> _Your goal_:
Below are records to print word for word; include none of their pictures.

> _Data extracted from a collection_:

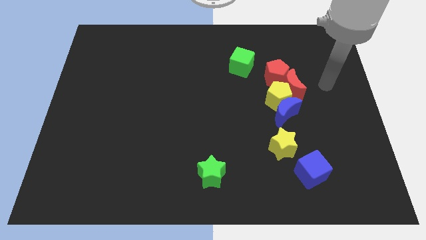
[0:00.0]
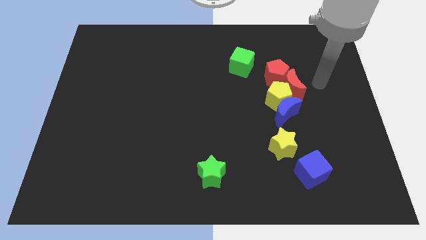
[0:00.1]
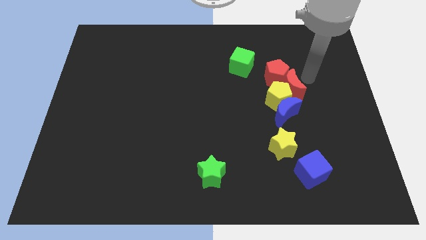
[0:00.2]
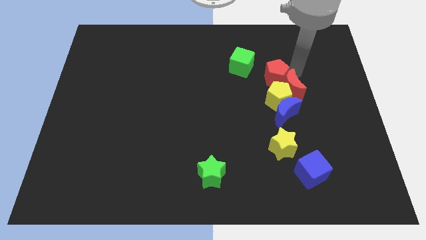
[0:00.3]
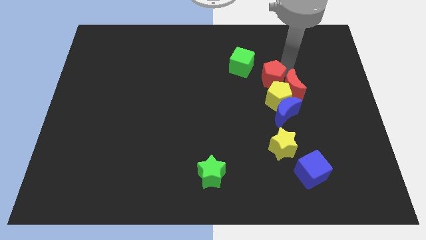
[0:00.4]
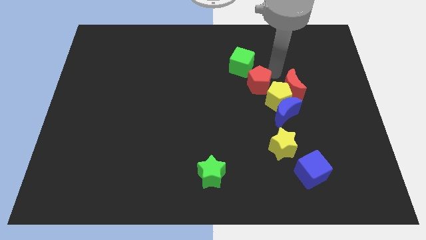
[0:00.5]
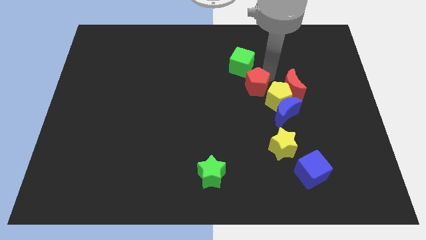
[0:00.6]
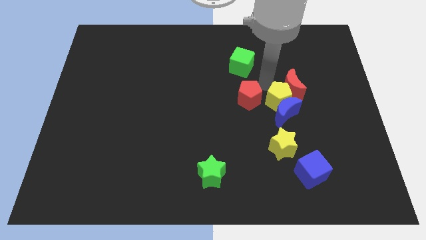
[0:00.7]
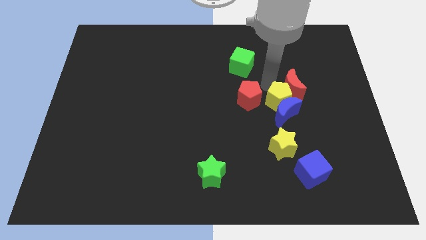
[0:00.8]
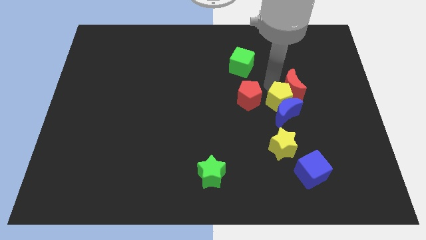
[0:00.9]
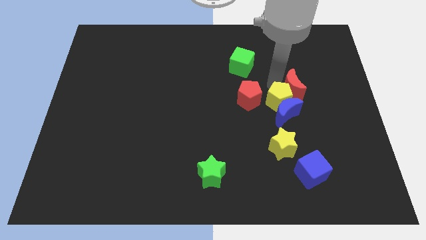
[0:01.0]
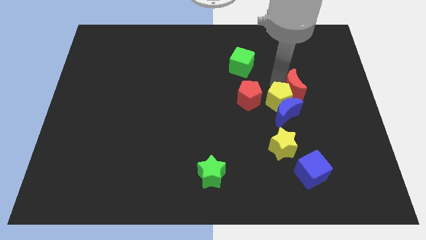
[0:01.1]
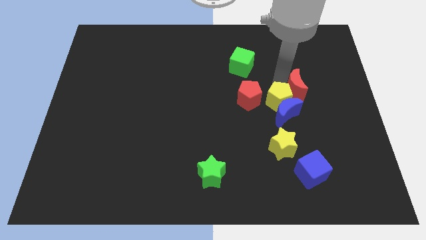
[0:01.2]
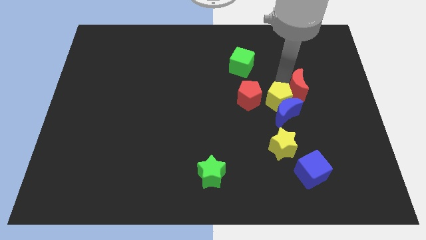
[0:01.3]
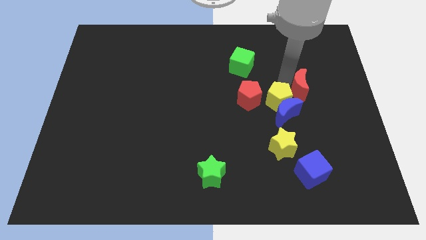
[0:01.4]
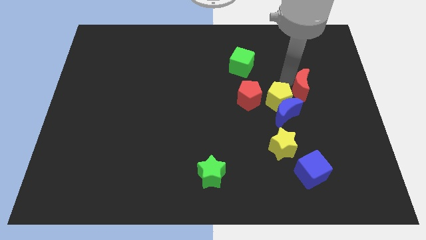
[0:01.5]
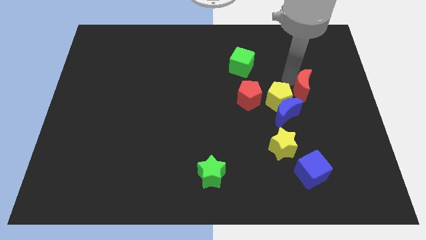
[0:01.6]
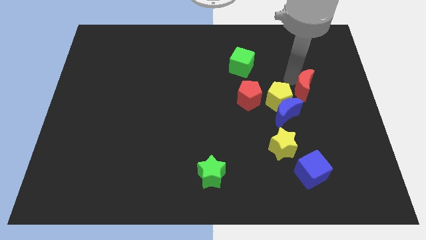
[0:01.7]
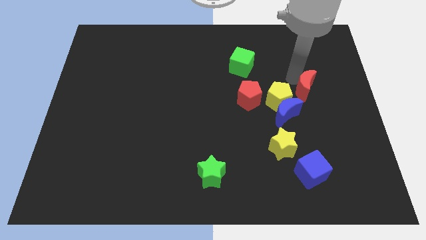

> _Answer below_:
[0:00.0]
[0:00.1]
[0:00.2]
[0:00.3]
[0:00.4]
[0:00.5]
[0:00.6]
[0:00.7]
[0:00.8]
[0:00.9]
[0:01.0]
[0:01.1]
[0:01.2]
[0:01.3]
[0:01.4]
[0:01.5]
[0:01.6]
[0:01.7]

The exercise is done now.